Data excerpts

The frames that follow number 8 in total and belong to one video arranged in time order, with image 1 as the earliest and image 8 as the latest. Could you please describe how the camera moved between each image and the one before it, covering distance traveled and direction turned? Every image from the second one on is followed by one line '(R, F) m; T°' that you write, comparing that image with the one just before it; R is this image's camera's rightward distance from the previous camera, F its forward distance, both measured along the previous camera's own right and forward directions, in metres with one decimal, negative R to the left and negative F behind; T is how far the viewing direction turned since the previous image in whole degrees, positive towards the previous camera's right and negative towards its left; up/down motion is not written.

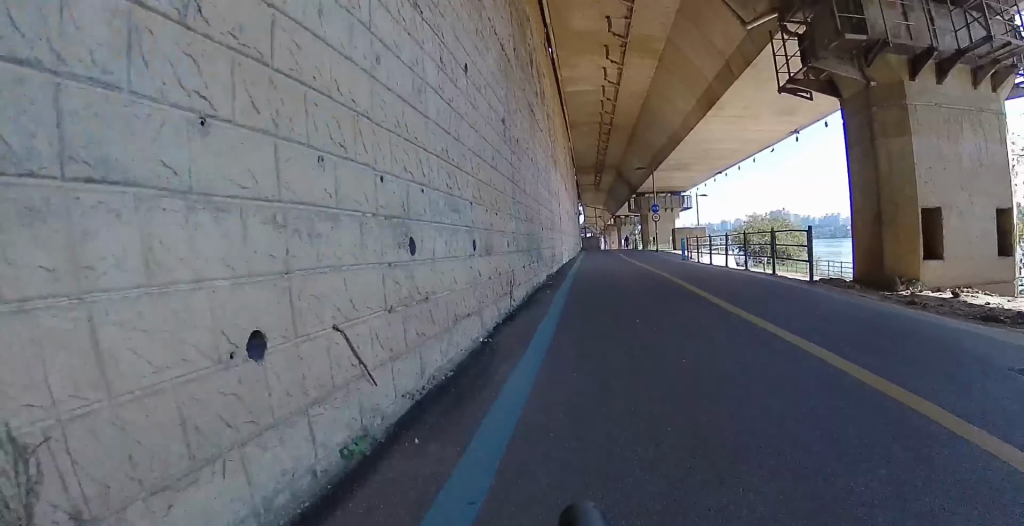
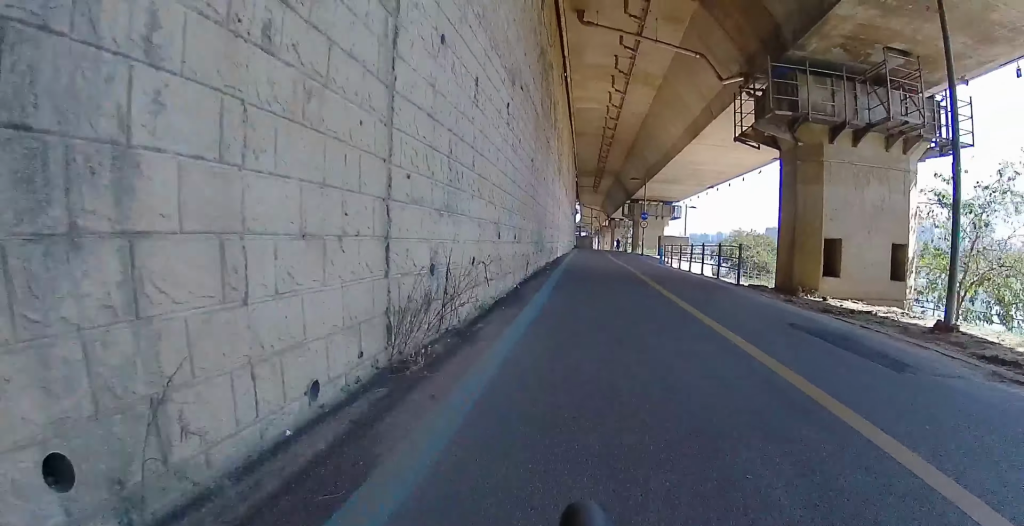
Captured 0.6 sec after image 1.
(0.0, +4.4) m; +1°
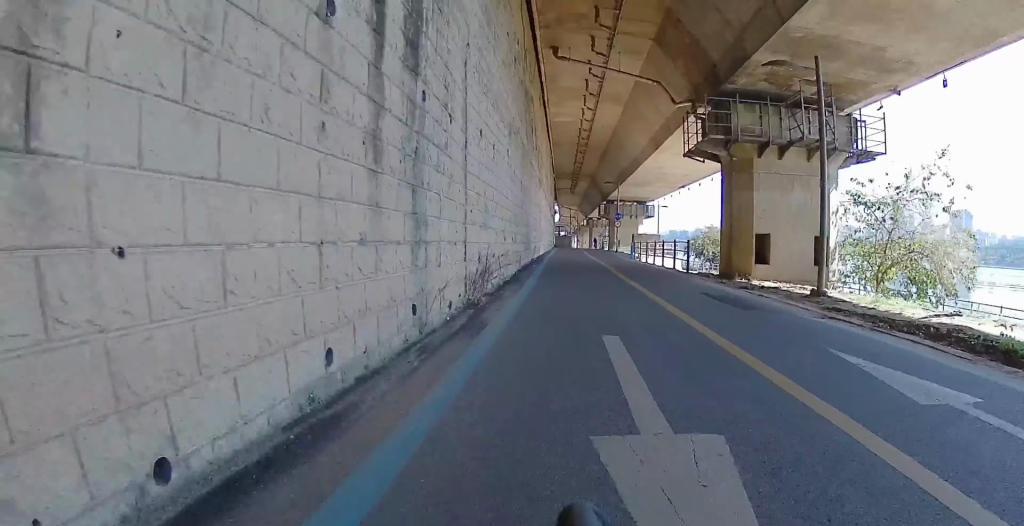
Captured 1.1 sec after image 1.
(0.0, +3.9) m; +1°
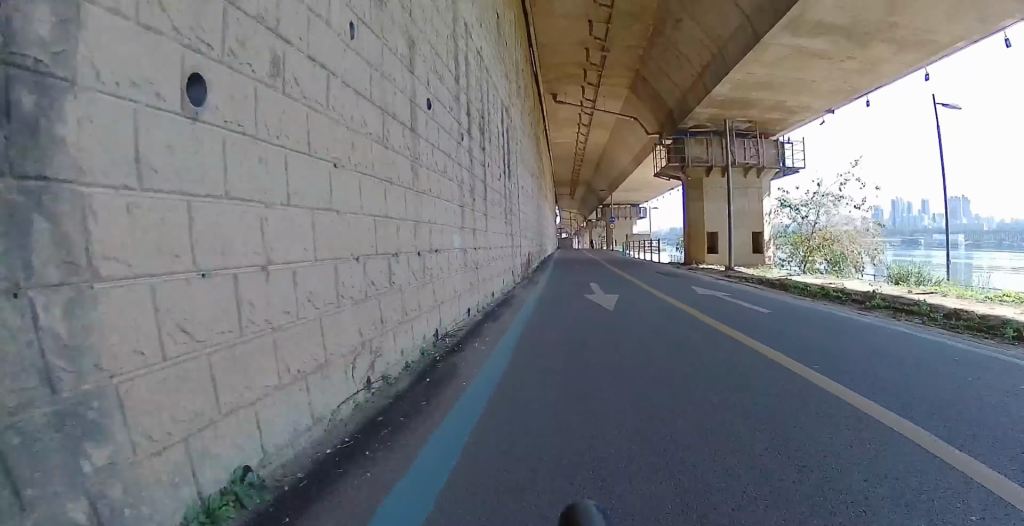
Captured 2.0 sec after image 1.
(+0.1, +7.1) m; +1°
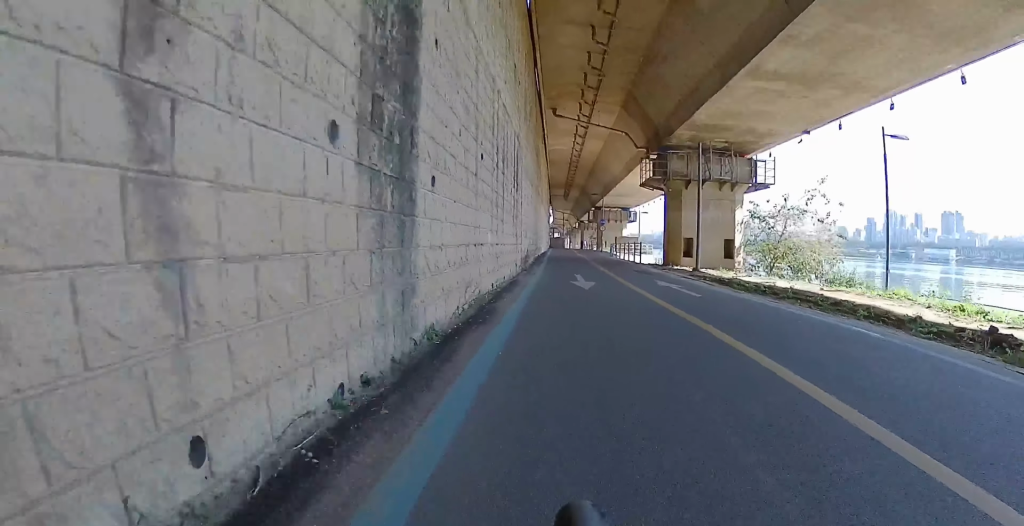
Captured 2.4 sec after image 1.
(+0.1, +3.3) m; 0°
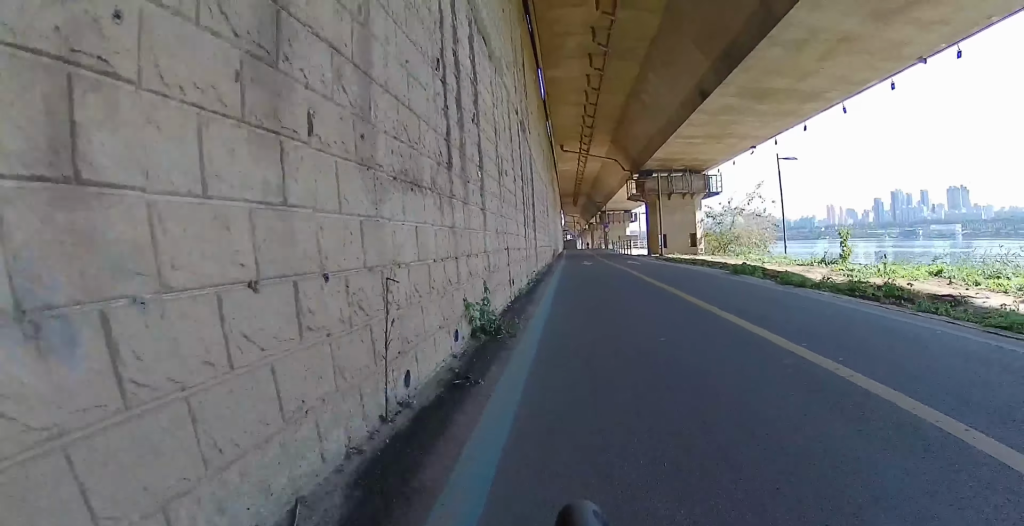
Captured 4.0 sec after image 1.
(-0.2, +12.2) m; -1°
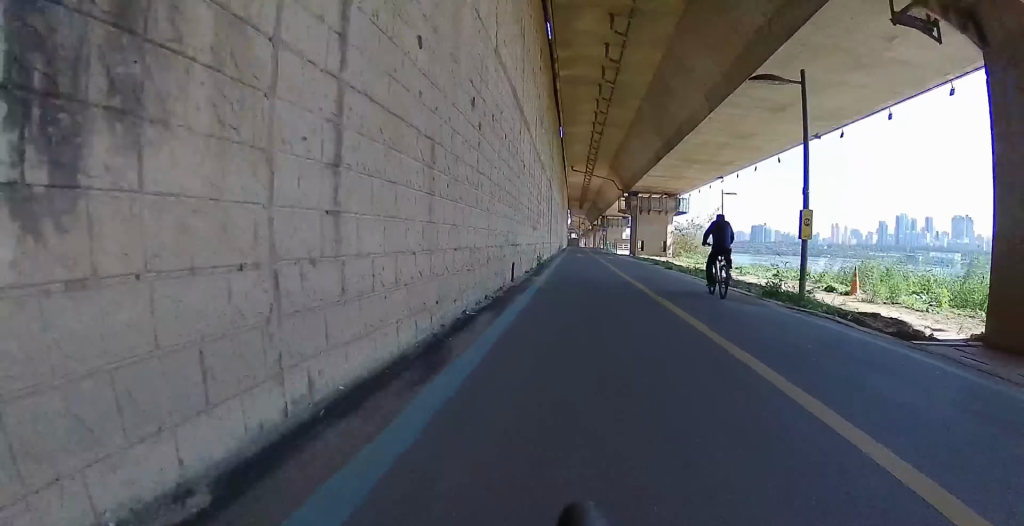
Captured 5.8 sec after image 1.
(+0.1, +13.7) m; +1°
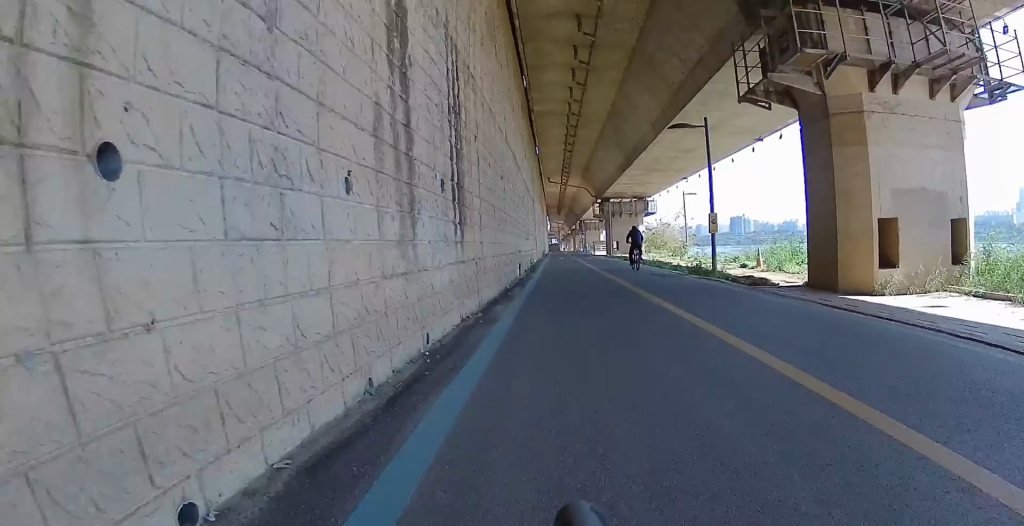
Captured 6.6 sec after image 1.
(0.0, +5.8) m; 0°
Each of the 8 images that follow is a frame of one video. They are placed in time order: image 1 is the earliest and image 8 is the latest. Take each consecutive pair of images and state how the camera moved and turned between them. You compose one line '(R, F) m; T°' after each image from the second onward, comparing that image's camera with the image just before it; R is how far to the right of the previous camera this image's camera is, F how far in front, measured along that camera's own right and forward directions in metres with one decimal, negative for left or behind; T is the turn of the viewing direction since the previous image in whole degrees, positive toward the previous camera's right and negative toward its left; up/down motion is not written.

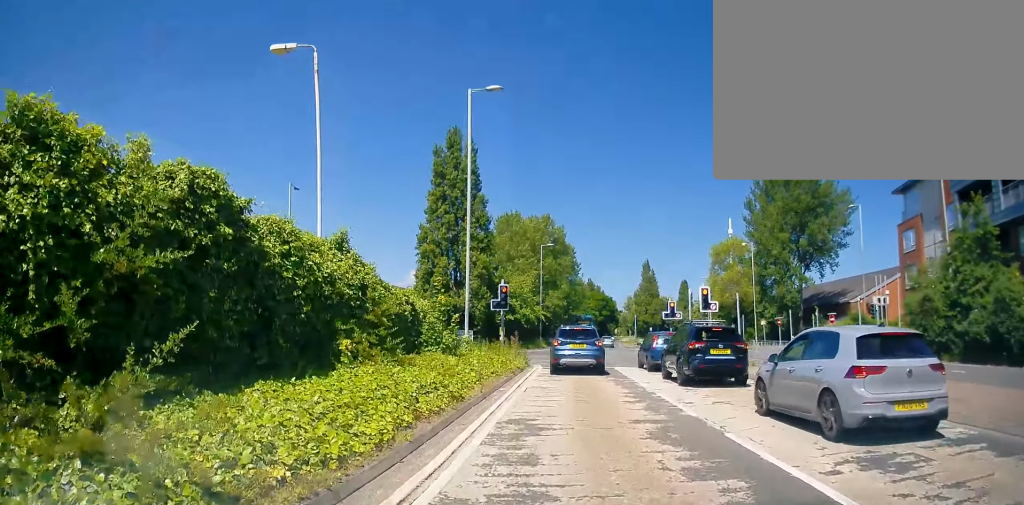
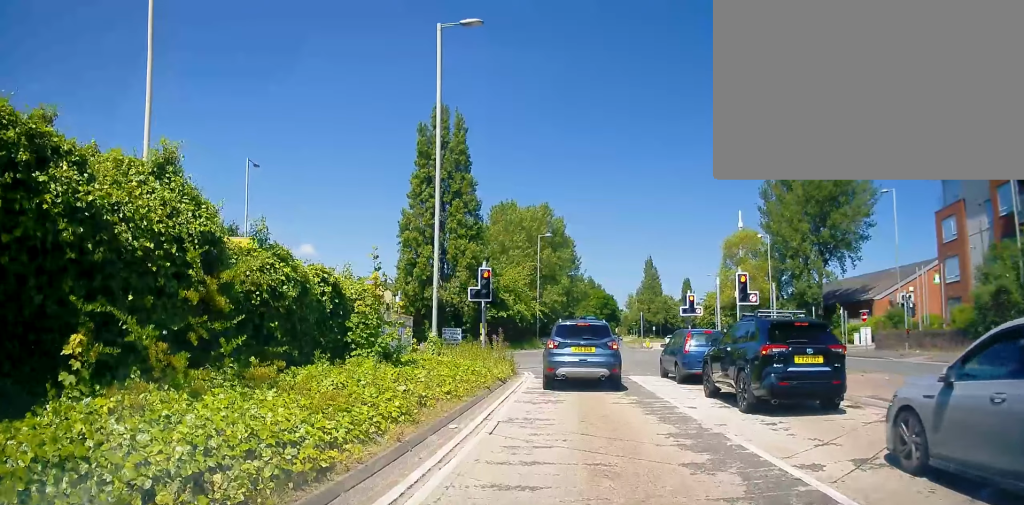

The problem: An exact reprint of the records above is required, with all pictures left out.

Task answer:
The frames that follow number 8 in total and belong to one video arranged in time order, with image 1 as the earliest and image 8 as the latest. Could you please describe how the camera moved between each image and the one before it, covering distance traveled and direction turned? Every image from the second one on is followed by one line '(R, F) m; T°' that you write, comparing that image with the one just before it; R is this image's camera's rightward distance from the previous camera, F its forward distance, both measured along the previous camera's own right and forward directions, in metres with one decimal, negative R to the left and negative F behind; T is how far the viewing direction turned since the previous image in whole degrees, positive towards the previous camera's right and negative towards its left; up/down motion is not written.

Captured 0.6 sec after image 1.
(0.0, +4.4) m; +1°
Captured 1.1 sec after image 1.
(0.0, +3.9) m; +1°
Captured 2.0 sec after image 1.
(+0.1, +7.1) m; +1°
Captured 2.4 sec after image 1.
(+0.1, +3.3) m; 0°
Captured 4.0 sec after image 1.
(-0.2, +12.2) m; -1°
Captured 5.8 sec after image 1.
(+0.1, +13.7) m; +1°
Captured 6.6 sec after image 1.
(0.0, +5.8) m; 0°
Each of the 8 images that follow is a frame of one video. They are placed in time order: image 1 is the earliest and image 8 is the latest. Take each consecutive pair of images and state how the camera moved and turned between them. You compose one line '(R, F) m; T°' after each image from the second onward, comparing that image's camera with the image just before it; R is how far to the right of the previous camera this image's camera is, F how far in front, measured along that camera's own right and forward directions in metres with one decimal, negative for left or behind; T is the turn of the viewing direction since the previous image in whole degrees, positive toward the previous camera's right and negative toward its left; up/down motion is not written.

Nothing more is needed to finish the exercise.